Why more graduates are leaning towards entrepreneurship


By Chloe Walker 

In previous decades, the traditional route for a student from their final year at university would lead them into an internship (or ideally an entry-level job) in a private sector business. Final-year students have no doubt already have received flyers and promotional materials aimed at encouraging them to apply for work in some of the world’s biggest corporations, from banks to law firms, from Deloitte to McDonald’s. This is often still the case in 2020, though careers advisors across the sector are increasingly aware of graduates looking to set up their own entrepreneurial business venture in place of signing up with one of the big guns. 

The appeal of entrepreneurship for a graduate 

There are a host of reasons for this, and a lot of them make a great deal of sense particularly when you consider the current economic environment, and that’s even before COVID-19 kicked in. Younger generations have seen the lives their parents subscribed to – hefty mortgages, long hours and the (often disappointing) dream of retirement – and have made the decision not to follow in their footsteps. Growing up in the shadow of the financial crash of 2008 caused an increasingly jaded view of the big institutions and organisations of the world. In addition, with the rise of zero-hours contracts and the subsequent movement of risk to the employee, the security of an employed role becomes a rarer commodity. As a result, new graduates are increasingly asking the question ‘what’s in it for me?’. 

The real game-changer, of course, has been COVID-19. Almost overnight, the 9–5 commuter lifestyle came to a grinding halt. Jobs that had for decades been carried out from offices in big cities were instead carried out at home. For a lot of people, this brought significant challenges (school closures being one of them), but for others it brought a period of contemplation and a realisation that a better quality of life could be attained through a more flexible way of working.  

There’s no time like the present 

Technology has also made it easier to operate an small business with low overheads – many entrepreneurs simply require a decent internet connection, however, the costs of financially managing an SME are ever-present.

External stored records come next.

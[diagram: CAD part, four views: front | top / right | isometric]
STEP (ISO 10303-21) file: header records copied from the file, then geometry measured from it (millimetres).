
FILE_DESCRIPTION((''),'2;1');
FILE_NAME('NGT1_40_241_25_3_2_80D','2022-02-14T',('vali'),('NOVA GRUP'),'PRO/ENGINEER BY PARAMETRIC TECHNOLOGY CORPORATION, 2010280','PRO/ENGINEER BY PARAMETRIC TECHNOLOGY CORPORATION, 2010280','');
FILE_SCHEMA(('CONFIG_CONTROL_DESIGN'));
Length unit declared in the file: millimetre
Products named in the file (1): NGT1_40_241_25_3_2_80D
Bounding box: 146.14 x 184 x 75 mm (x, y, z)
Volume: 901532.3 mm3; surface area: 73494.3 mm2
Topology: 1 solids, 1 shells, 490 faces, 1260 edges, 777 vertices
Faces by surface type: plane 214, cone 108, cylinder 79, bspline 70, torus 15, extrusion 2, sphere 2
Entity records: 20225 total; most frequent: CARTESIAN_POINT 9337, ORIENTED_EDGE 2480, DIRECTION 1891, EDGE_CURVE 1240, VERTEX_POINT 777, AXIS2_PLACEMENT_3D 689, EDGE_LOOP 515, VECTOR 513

Taking advantage of free advice, particularly regarding business bank accounts, is an essential move towards gaining control of this aspect of a fledgling entrepreneurial business. The Australian Government provides a checklist to help understand tax, ABNs, and other accounting essentials. Investing some time into understanding basic business finances is also essential so as to help minimise accountancy fees and provide a more solid foundation from the outset. 

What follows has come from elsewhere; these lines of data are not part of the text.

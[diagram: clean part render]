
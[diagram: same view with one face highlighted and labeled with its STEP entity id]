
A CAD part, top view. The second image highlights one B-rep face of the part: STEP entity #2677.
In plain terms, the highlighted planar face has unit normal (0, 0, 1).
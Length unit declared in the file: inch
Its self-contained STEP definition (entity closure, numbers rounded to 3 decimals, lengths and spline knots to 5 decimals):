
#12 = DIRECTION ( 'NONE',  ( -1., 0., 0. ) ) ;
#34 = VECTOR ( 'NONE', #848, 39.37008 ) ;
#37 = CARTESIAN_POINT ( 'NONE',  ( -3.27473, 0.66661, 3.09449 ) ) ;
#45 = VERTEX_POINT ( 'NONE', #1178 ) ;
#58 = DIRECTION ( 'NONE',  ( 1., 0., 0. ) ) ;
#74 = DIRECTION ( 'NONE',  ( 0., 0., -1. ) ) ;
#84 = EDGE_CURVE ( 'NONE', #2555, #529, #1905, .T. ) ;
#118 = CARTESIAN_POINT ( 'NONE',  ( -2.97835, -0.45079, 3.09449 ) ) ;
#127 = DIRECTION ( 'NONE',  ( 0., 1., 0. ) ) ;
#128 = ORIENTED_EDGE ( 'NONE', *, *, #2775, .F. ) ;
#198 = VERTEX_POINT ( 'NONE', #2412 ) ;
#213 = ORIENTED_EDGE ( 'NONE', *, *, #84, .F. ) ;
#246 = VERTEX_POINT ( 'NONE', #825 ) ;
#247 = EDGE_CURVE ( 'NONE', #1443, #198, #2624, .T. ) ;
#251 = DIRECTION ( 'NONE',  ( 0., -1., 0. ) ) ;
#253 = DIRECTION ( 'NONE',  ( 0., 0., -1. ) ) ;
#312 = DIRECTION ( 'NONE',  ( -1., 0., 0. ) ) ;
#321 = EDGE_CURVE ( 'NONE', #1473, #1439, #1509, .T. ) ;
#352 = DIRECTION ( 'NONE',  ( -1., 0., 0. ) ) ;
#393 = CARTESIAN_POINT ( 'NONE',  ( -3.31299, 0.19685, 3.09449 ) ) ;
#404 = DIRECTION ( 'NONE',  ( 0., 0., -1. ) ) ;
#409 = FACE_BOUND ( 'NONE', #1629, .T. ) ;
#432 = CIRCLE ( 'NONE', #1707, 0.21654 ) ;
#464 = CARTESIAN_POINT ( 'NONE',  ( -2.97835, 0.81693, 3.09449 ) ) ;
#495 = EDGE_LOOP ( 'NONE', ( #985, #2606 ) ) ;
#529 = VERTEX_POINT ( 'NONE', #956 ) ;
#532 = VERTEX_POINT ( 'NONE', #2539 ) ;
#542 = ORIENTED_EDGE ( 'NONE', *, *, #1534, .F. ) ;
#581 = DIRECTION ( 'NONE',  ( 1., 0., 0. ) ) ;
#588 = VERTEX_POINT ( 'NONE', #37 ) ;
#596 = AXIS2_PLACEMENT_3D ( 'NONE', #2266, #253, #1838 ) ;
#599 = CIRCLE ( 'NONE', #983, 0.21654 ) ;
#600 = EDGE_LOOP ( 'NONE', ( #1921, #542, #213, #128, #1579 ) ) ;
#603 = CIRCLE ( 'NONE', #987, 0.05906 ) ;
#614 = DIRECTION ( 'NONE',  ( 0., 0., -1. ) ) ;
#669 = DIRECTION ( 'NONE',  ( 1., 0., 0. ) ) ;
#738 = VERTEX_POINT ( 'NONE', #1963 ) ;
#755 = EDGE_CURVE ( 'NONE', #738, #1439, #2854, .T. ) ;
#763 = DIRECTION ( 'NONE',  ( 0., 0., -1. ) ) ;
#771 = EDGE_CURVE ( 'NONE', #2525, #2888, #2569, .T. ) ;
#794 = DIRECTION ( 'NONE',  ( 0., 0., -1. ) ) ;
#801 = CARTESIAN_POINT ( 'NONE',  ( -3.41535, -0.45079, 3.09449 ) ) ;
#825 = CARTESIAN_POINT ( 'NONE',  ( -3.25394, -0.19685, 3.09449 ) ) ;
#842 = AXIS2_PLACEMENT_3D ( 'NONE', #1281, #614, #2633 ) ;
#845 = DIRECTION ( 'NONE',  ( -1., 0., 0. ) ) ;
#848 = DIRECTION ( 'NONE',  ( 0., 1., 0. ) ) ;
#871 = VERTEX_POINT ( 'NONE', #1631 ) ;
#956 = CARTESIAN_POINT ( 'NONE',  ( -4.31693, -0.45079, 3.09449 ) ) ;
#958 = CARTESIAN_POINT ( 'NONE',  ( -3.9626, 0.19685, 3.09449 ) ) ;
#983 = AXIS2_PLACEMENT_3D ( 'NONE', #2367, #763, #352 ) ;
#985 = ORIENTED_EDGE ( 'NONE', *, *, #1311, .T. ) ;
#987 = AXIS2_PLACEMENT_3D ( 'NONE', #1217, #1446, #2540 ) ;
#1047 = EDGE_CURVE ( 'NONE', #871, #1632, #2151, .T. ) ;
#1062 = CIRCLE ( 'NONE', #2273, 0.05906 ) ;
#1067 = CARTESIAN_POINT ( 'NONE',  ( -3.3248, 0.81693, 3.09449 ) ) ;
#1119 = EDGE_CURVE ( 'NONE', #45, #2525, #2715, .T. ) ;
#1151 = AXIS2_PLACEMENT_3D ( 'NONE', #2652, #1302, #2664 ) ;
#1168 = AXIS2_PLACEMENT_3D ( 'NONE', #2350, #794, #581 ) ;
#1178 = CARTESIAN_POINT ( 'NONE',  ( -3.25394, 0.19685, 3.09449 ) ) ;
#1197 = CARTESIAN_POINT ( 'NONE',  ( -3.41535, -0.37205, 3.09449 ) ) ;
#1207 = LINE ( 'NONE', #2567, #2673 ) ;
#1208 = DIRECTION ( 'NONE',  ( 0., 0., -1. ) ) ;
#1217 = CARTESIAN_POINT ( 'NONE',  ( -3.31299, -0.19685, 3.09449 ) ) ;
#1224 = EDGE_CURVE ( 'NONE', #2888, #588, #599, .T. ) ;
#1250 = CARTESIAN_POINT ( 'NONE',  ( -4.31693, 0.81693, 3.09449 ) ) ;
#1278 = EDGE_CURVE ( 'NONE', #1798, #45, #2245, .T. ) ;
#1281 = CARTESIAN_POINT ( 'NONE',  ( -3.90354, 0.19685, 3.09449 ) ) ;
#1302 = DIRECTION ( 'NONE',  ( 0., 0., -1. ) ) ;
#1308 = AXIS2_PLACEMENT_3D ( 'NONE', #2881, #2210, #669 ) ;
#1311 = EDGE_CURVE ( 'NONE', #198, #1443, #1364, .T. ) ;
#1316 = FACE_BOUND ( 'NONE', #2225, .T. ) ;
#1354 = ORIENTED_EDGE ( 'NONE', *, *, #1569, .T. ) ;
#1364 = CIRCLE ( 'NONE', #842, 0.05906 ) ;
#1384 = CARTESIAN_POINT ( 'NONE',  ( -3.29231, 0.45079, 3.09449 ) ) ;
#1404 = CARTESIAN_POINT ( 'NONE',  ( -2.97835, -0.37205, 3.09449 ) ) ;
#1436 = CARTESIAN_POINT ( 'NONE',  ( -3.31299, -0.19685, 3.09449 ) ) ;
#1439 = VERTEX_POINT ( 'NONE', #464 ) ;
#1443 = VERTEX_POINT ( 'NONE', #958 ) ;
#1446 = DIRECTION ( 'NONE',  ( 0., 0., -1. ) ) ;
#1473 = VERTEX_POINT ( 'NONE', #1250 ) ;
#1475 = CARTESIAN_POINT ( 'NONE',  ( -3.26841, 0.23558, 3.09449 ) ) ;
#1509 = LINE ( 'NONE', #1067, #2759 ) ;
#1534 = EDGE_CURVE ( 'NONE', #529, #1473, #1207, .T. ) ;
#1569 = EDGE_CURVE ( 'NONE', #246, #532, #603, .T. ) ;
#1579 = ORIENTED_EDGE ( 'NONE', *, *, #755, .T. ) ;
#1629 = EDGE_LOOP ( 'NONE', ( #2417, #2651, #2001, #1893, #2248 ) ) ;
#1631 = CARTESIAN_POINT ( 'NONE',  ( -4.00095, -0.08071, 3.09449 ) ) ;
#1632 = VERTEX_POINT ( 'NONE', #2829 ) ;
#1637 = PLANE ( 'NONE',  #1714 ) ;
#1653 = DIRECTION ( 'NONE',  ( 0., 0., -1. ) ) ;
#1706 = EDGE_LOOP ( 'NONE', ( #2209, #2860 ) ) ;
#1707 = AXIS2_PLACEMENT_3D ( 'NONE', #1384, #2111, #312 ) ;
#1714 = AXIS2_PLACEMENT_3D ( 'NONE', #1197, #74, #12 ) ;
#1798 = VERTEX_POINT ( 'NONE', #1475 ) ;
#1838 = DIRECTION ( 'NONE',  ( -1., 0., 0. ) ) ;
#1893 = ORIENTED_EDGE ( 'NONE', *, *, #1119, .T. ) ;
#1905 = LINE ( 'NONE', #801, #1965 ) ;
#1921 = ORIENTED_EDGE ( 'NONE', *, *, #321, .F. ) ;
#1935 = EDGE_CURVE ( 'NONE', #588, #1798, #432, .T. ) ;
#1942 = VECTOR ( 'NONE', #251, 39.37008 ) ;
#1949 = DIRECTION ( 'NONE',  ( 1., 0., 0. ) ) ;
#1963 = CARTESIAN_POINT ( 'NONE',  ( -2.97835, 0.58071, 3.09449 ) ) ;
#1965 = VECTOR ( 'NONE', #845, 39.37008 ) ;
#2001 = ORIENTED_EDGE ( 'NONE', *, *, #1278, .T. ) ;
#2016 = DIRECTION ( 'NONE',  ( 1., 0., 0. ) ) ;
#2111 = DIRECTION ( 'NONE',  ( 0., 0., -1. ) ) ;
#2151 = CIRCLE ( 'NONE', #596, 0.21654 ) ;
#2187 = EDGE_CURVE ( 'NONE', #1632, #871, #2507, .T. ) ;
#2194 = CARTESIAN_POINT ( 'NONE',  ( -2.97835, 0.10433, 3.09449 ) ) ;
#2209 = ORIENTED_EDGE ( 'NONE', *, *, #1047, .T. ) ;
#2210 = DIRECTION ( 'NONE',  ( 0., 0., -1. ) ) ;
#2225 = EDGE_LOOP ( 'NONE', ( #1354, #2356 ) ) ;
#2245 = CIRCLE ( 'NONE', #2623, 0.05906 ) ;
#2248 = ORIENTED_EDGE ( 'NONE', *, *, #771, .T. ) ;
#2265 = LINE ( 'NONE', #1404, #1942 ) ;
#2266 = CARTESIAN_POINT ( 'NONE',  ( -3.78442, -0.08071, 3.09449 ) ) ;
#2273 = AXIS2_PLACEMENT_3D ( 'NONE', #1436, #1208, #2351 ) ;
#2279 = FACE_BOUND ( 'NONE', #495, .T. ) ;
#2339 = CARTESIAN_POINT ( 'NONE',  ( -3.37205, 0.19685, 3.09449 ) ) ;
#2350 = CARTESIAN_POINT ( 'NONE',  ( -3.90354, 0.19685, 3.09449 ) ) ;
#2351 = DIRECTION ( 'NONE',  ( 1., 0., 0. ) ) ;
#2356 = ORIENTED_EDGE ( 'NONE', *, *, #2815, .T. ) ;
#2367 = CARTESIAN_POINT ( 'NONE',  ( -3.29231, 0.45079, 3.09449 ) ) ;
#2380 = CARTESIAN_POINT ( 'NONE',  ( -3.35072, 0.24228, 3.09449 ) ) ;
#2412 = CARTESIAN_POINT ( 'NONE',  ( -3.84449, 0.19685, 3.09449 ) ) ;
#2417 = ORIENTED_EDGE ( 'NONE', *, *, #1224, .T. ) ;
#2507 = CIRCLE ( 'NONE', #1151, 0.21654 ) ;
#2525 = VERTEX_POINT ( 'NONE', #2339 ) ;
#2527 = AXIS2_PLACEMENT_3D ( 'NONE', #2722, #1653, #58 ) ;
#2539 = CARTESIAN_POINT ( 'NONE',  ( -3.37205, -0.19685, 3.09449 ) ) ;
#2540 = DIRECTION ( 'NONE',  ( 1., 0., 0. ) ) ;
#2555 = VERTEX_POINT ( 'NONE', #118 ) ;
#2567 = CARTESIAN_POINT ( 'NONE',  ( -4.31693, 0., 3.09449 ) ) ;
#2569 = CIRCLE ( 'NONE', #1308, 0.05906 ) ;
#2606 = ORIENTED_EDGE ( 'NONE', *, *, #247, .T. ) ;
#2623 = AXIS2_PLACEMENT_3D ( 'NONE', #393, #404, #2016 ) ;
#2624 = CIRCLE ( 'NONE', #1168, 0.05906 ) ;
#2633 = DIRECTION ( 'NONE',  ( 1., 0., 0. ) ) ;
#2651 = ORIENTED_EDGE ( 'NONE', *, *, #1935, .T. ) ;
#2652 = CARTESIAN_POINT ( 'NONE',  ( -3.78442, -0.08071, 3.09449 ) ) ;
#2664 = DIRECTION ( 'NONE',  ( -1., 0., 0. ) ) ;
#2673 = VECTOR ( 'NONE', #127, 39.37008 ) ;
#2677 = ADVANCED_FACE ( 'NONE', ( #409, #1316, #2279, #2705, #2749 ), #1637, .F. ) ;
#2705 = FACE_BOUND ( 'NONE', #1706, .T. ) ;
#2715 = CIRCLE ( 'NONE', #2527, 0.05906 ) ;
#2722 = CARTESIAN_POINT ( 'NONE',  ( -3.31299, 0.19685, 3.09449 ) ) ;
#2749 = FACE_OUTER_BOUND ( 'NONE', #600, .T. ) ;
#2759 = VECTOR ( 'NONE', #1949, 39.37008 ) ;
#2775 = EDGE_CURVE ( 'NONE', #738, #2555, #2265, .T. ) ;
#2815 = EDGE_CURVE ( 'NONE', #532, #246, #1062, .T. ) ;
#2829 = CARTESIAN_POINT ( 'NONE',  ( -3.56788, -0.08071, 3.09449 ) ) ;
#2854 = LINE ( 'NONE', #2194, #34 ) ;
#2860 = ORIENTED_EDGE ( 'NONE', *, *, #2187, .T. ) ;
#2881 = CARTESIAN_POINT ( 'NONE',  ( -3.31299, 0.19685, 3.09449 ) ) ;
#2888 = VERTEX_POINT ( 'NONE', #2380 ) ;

Keeping expectations in check 

It’s also worth considering that – during the first few months (or even years) an SME may not actually make a great deal of profit. It depends on the nature of the business, but unless something can come to market super-quickly new entrepreneurs are going to need to consider reducing their own running costs. Living with parents – in the short term at least – might be something they need to consider, and it might be necessary to take on some additional part-time work to supplement their income while they get their new business off the ground. This combined with some good old-fashioned belt-tightening will be an essential step on their journey towards being a successful entrepreneur. 

Seeking the right support 

Despite all the advantages that an entrepreneurial life can bring it still remains a daunting prospect for many, one that provides little certainty in an increasingly uncertain world. Many would argue that by embracing the uncertainty many graduates are better prepared for the future, where the certainty previously assured by the big institutions of old is becoming more of a myth than a reality. Whatever their reasons are for moving towards an entrepreneurial lifestyle it is more important than ever that they speak to a career advisor at an early stage, ideally before they graduate.  

A professional mentor, someone already working as an entrepreneur in a similar sector, would also be a crucial person to identify. Talking to people and getting advice early on could save a great deal of time and money further down the line.